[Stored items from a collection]
● ● ● ●
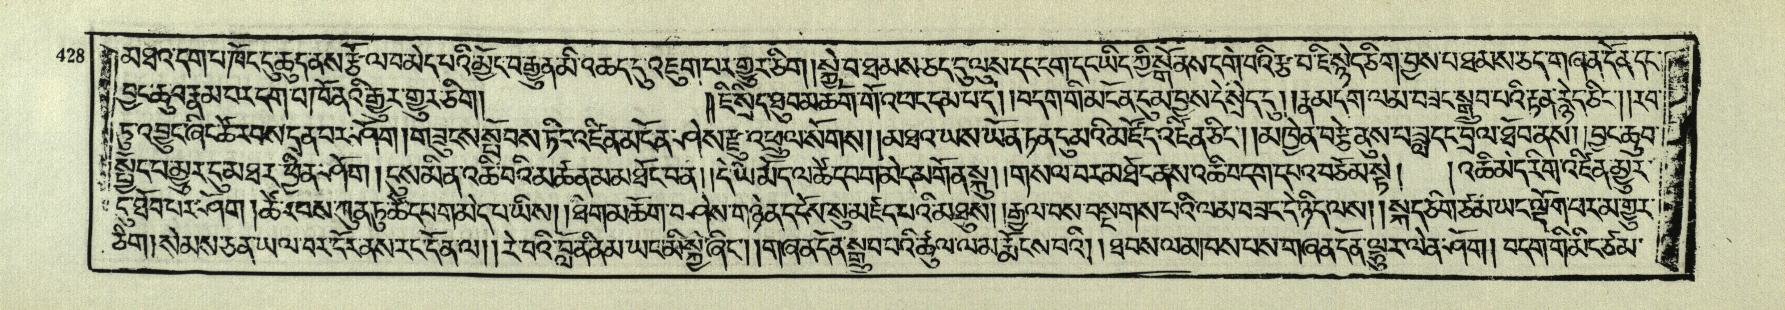མཐའ་དག་པ་ཁོང་དུ་ཆུད་ནས་རྩོ་ལ་བ་མེད་པའི་མྱོང་བ་རྒྱུན་མི་འཆད་དུ་འཇུག་པར་གྱུར་ཅིག །སྐྱེ་བ་ཐམས་ཅད་དུ་ལུས་དང་ངག་དང་ཡིད་ཀྱི་སྒོ་ནས་དགེ་བའི་རྩ་བ་ཇི་སྙེད་ཅིག་བྱས་པ་ཐམས་ཅད་གཞན་དོན་དང་
བྱང་ཆུབ་རྣམ་བར་དག་པ་ཁོ་ནའི་རྒྱུར་གྱུར་ཅིག ། །།ཇི་སྲིད་ཐུབ་མཆོག་གོ་འཕང་དམ་པ་དུ། །བདག་གི་མངོན་དུ་བྱས་དེ་སྲེད་དུ། །རྣམ་དག་ལམ་བཟང་སྒྲུབ་པའི་རྟན་རྙེད་ཅིང་། །རབ་
ཏུ་འབྱུང་ཞིང་ཚེ་རབས་དྲན་པར་ཤོག །གཟུངས་སྤོབས་ཏིང་འཛིན་མངོན་ཤེས་རྫུ་འཕྲུལ་སོགས། །མཐའ་ཡས་ཡོན་ཏན་དུ་མའི་མཛོད་འཛིན་ཅིང་། །མཁྱེན་བརྩེ་ནས་པ་ཟླ་དང་བྲལ་ཐོབ་ནས། །བྱང་ཆུབ་
སྤྱོད་པ་མྱུར་དུ་མཐར་ཕྱིན་ཤོག །དུས་མིན་འཆི་བའི་མཚན་མ་མཐོང་བ་ན། །དེ་ཡི་མོད་ལ་ཚེ་དབག་མེད་མགོན་སྐུ། །གསལ་བར་མཐོང་ནས་འཆི་བདག་དཔའ་བཅོམ་སྟེ། །འཆི་མེད་རིག་འཛིན་མྱུར་
དུ་ཐོབ་པར་ཤོག །ཚེ་རབས་ཀུན་ཏུ་ཚེ་དཔག་མེད་པ་ཡིས། །ཐིག་མཆོག་བཤེས་གཉེན་དངོས་སུ་མཛད་པའི་མཐུས། །རྒྱལ་བས་བསྔགས་པའི་ལམ་བཟང་དེ་ཉིད་ལས། །སྐད་ཅིག་ཙམ་ཡང་ལྡོག་ཕར་མ་གྱུར་
ཅིག །སེམས་ཅན་ཡལ་བར་དོར་ནས་རང་དོན་ལ། །རེ་བའི་བློ་ནི་ནམ་ཡང་མི་སྐྱེ་ཞིང་། །གཞན་དོན་སྒྲུབ་པའི་ཚུལ་ལ་མ་རྨོངས་བའི། །ཐབས་ལ་མཁས་པས་གཞན་དོན་ལྷུར་ལེན་ཤོག །བདག་གི་མིང་ཙམ་
● ● ● ●
Without the pictures, give all the records above again exactly.

མཐའ་དག་པ་ཁོང་དུ་ཆུད་ནས་རྩོ་ལ་བ་མེད་པའི་མྱོང་བ་རྒྱུན་མི་འཆད་དུ་འཇུག་པར་གྱུར་ཅིག །སྐྱེ་བ་ཐམས་ཅད་དུ་ལུས་དང་ངག་དང་ཡིད་ཀྱི་སྒོ་ནས་དགེ་བའི་རྩ་བ་ཇི་སྙེད་ཅིག་བྱས་པ་ཐམས་ཅད་གཞན་དོན་དང་
བྱང་ཆུབ་རྣམ་བར་དག་པ་ཁོ་ནའི་རྒྱུར་གྱུར་ཅིག ། །།ཇི་སྲིད་ཐུབ་མཆོག་གོ་འཕང་དམ་པ་དུ། །བདག་གི་མངོན་དུ་བྱས་དེ་སྲེད་དུ། །རྣམ་དག་ལམ་བཟང་སྒྲུབ་པའི་རྟན་རྙེད་ཅིང་། །རབ་
ཏུ་འབྱུང་ཞིང་ཚེ་རབས་དྲན་པར་ཤོག །གཟུངས་སྤོབས་ཏིང་འཛིན་མངོན་ཤེས་རྫུ་འཕྲུལ་སོགས། །མཐའ་ཡས་ཡོན་ཏན་དུ་མའི་མཛོད་འཛིན་ཅིང་། །མཁྱེན་བརྩེ་ནས་པ་ཟླ་དང་བྲལ་ཐོབ་ནས། །བྱང་ཆུབ་
སྤྱོད་པ་མྱུར་དུ་མཐར་ཕྱིན་ཤོག །དུས་མིན་འཆི་བའི་མཚན་མ་མཐོང་བ་ན། །དེ་ཡི་མོད་ལ་ཚེ་དབག་མེད་མགོན་སྐུ། །གསལ་བར་མཐོང་ནས་འཆི་བདག་དཔའ་བཅོམ་སྟེ། །འཆི་མེད་རིག་འཛིན་མྱུར་
དུ་ཐོབ་པར་ཤོག །ཚེ་རབས་ཀུན་ཏུ་ཚེ་དཔག་མེད་པ་ཡིས། །ཐིག་མཆོག་བཤེས་གཉེན་དངོས་སུ་མཛད་པའི་མཐུས། །རྒྱལ་བས་བསྔགས་པའི་ལམ་བཟང་དེ་ཉིད་ལས། །སྐད་ཅིག་ཙམ་ཡང་ལྡོག་ཕར་མ་གྱུར་
ཅིག །སེམས་ཅན་ཡལ་བར་དོར་ནས་རང་དོན་ལ། །རེ་བའི་བློ་ནི་ནམ་ཡང་མི་སྐྱེ་ཞིང་། །གཞན་དོན་སྒྲུབ་པའི་ཚུལ་ལ་མ་རྨོངས་བའི། །ཐབས་ལ་མཁས་པས་གཞན་དོན་ལྷུར་ལེན་ཤོག །བདག་གི་མིང་ཙམ་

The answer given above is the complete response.